The continued evolution of the SARS-CoV-2 virus into multiple variants has been a key contributor to the continued pandemic and has “become a major virological, epidemiological and clinical concern, particularly with regard to the risk of escape from vaccine-induced immunity, and many of those variants,” Colson and colleagues wrote.
Often, the variants were introduced from abroad. The researchers made this determination after genotyping nearly 40,000 patients and sequencing the complete genomes from more than 22,000 patients to identify each variant and thus better assess its spread. The IHU variant appears to have emerged from Cameroon and was first identified in the Provence-Alpes-Côte d’Azur region in southeastern France.
“It is too early to speculate on the virological, epidemiological or clinical features of this IHU variant based on these 12 cases,” the researchers cautioned.
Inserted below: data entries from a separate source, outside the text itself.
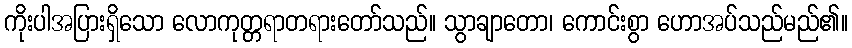
ကိုးပါအပြားရှိသော လောကုတ္တရာတရားတော်သည်။ သွာချာတော၊ ကောင်းစွာ ဟောအပ်သည်မည်၏။
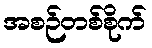
အစဉ်တစ်စိုက်
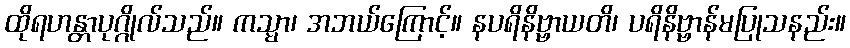
ထိုရဟန္တာပုဂ္ဂိုလ်သည်။ ကသ္မာ၊ အဘယ်ကြောင့်။ နပရိနိဗ္ဗာယတိ၊ ပရိနိဗ္ဗာန်မပြုသနည်း။
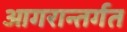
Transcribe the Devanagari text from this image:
आगरान्तर्गत
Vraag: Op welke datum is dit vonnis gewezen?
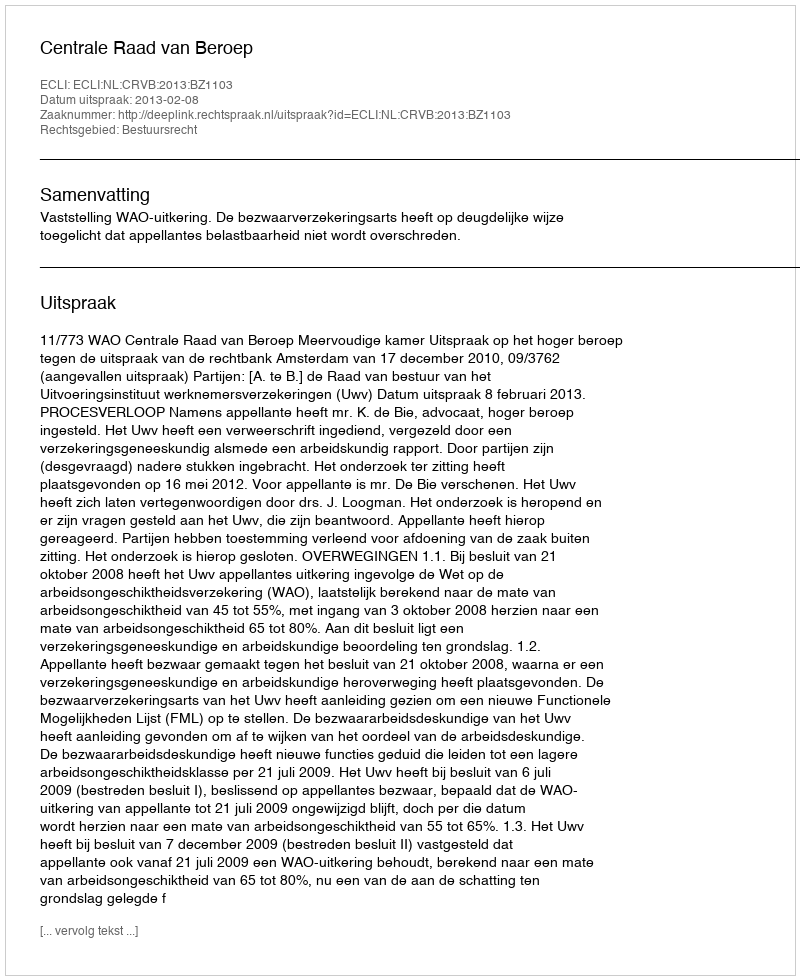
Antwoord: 2013-02-08
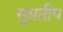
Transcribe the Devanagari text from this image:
सुप्रतीप
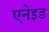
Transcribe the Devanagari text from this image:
एनेइड
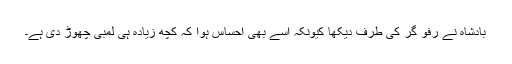
بادشاہ نے رفو گر کی طرف دیکھا کیونکہ اسے بھی احساس ہوا کہ کچھ زیادہ ہی لمبی چھوڑ دی ہے۔
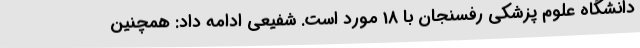
دانشگاه علوم پزشکی رفسنجان با 18 مورد است. شفیعی ادامه داد: همچنین
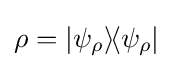
\rho =|\psi _{\rho }\rangle \!\langle \psi _{\rho }|
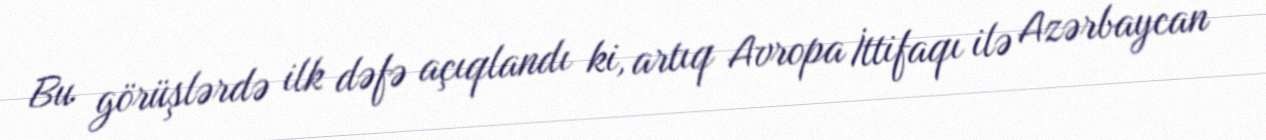
Bu görüşlərdə ilk dəfə açıqlandı ki, artıq Avropa İttifaqı ilə Azərbaycan
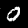
Digit: 0
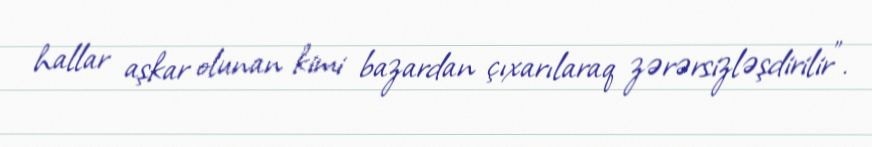
hallar aşkar olunan kimi bazardan çıxarılaraq zərərsizləşdirilir”.
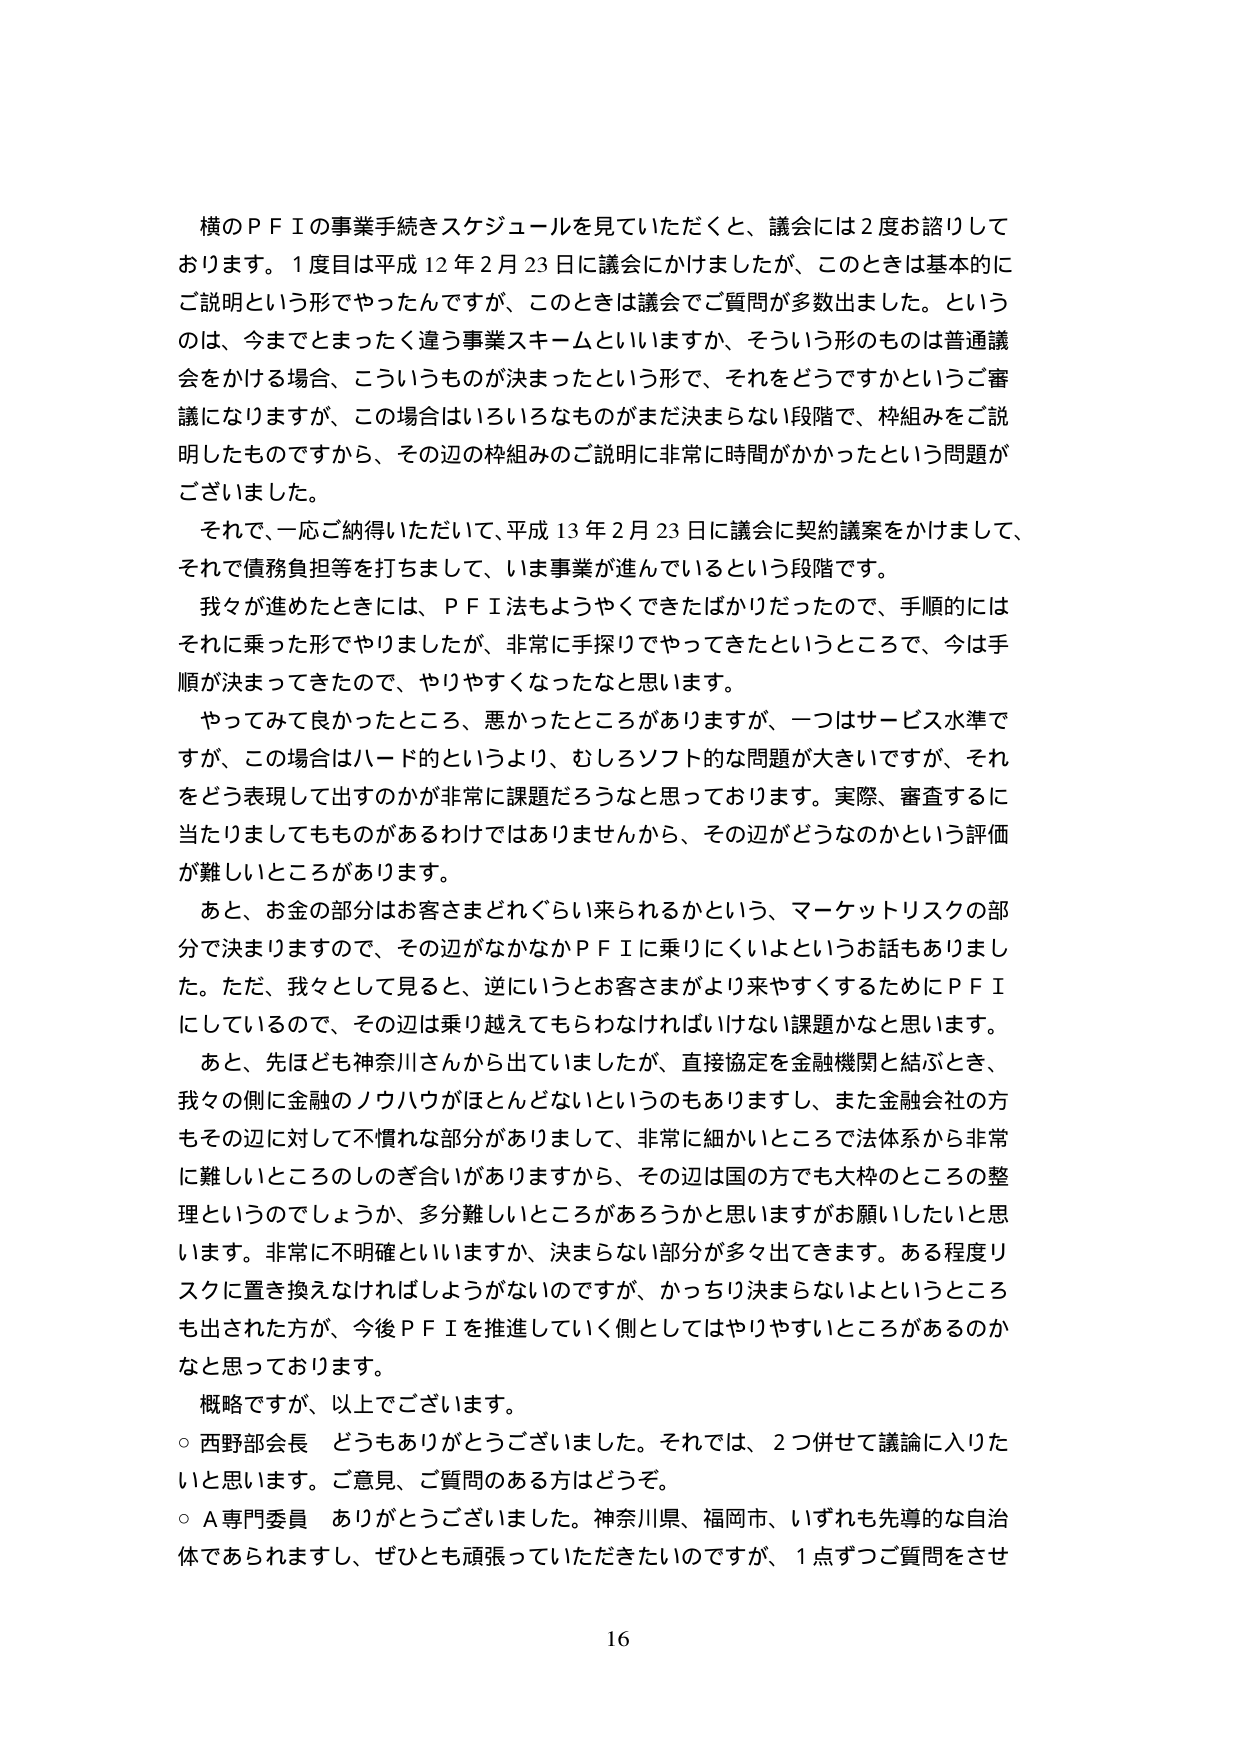
横のＰＦＩの事業手続きスケジュールを見ていただくと、議会には２度お諮りしております。１度目は平成12年2月23日に議会にかけましたが、このときは基本的にご説明という形でやったんですが、このときは議会でご質問が多数出ました。というのは、今までとまったく違う事業スキームといいますか、そういう形のものは普通議会をかける場合、こういうものが決まったという形で、それをどうですかというご審議になりますが、この場合はいろいろなものがまだ決まらない段階で、枠組みをご説明したものですから、その辺の枠組みのご説明に非常に時間がかかったという問題がございました。

それて、一応ご納得いただいて、平成13年2月23日に議会に契約議案をかけまして、それで債務負担等を打ちまして、いま事業が進んでいるという段階です。

我々が進めたときには、ＰＦＩ法もようやくできたばかりだったので、手順的にはそれに乗った形でやりましたが、非常に手探りでやってきたというところで、今は手順が決まってきてるので、やりやすくなったなと思います。

やってみて良かったところ、悪かったところがありますが、一つはサービス水準ですが、この場合はハード的というより、むしろソフト的な問題が大きいですが、それをどう表現して出すのかが非常に課題だろうなと思っております。実際、審査するに当たりましてもものがあるわけではありませんから、その辺がどうなのかという評価が難しいところがあります。

あと、お金の部分はお客さまどれぐらい来られるかという、マーケットリスクの部分で決まりますので、その辺がなかなかＰＦＩに乗りにくいよというお話もありました。ただ、我々として見ると、逆にいうとお客さまがより来やすくするためにＰＦＩにしているので、その辺は乗り越えてもらわなければいけない課題かなと思います。

あと、先ほども神奈川さんから出ていましたが、直接協定を金融機関と結ぶとき、我々の側に金融のノウハウがほとんどないというのもありますし、また金融会社の方もその辺に対して不慣れな部分がありまして、非常に細かいところで法体系から非常に難しいところのしご合いがありますから、その辺は国の方でも大枠のところの整理というのでしょうか、多分難しいところがあるろうかと思いますがお願いしたいと思います。非常に不明確といいますか、決まらない部分が多々出てきます。ある程度リスクに置き換えなければならないのですが、かっちり決まらないよというところも出された方が、今後ＰＦＩを推進していく側としてはやりやすいところがあるのかなと思っております。

概略ですが、以上でございます。

○ 西野部会長 どうもありがとうございました。それでは、２つ併せて議論に入りたいと思います。ご意見、ご質問のある方はどうぞ。

○ Ａ専門委員 ありがとうございました。神奈川県、福岡市、いずれも先導的な自治体であられますし、ぜひとも頑張っていただきたいのですが、１点ずつご質問をさせ

16

Nonetheless, health officials do not appear overly concerned about its emergence. “It is not a cause for panic but is worth keeping an eye on, given what we know about the unpredictable nature of highly mutated viruses,” Bernadette Boden-Albala, founding dean of the University of California - Irvine Program in Public Health, told BioSpace. “The best thing you can do to protect yourself and others is to get vaccinated/boosted, continue wearing well-fitting masks, and practice physical distancing.”
In a recent media briefing in Switzerland, Abdi Mahamud, a World Health Organization incident manager on COVID-19, said the variant “has been on our radar. That virus had a lot of chances to pick up (and hasn’t),” according to reporting in TIME magazine.
As a spokesperson for the U.S. Centers for Disease Control & Prevention (CDC) told BioSpace, “The SARS-CoV-2 Interagency Group (SIG) is aware of (this variant) but has not designated B.1.640.2 as a Variant of Interest (VOI) or a Variant of Concern (VOC), but CDC will continue to actively monitor this variant. Vaccination remains the best public health measure to slow the spread of the virus and reduce the likelihood of new variants to emerge.”
As of print time, Omicron is the most prevalent variant in the U.S., accounting for 95% of all cases, according to the CDC’s Nowcast estimates.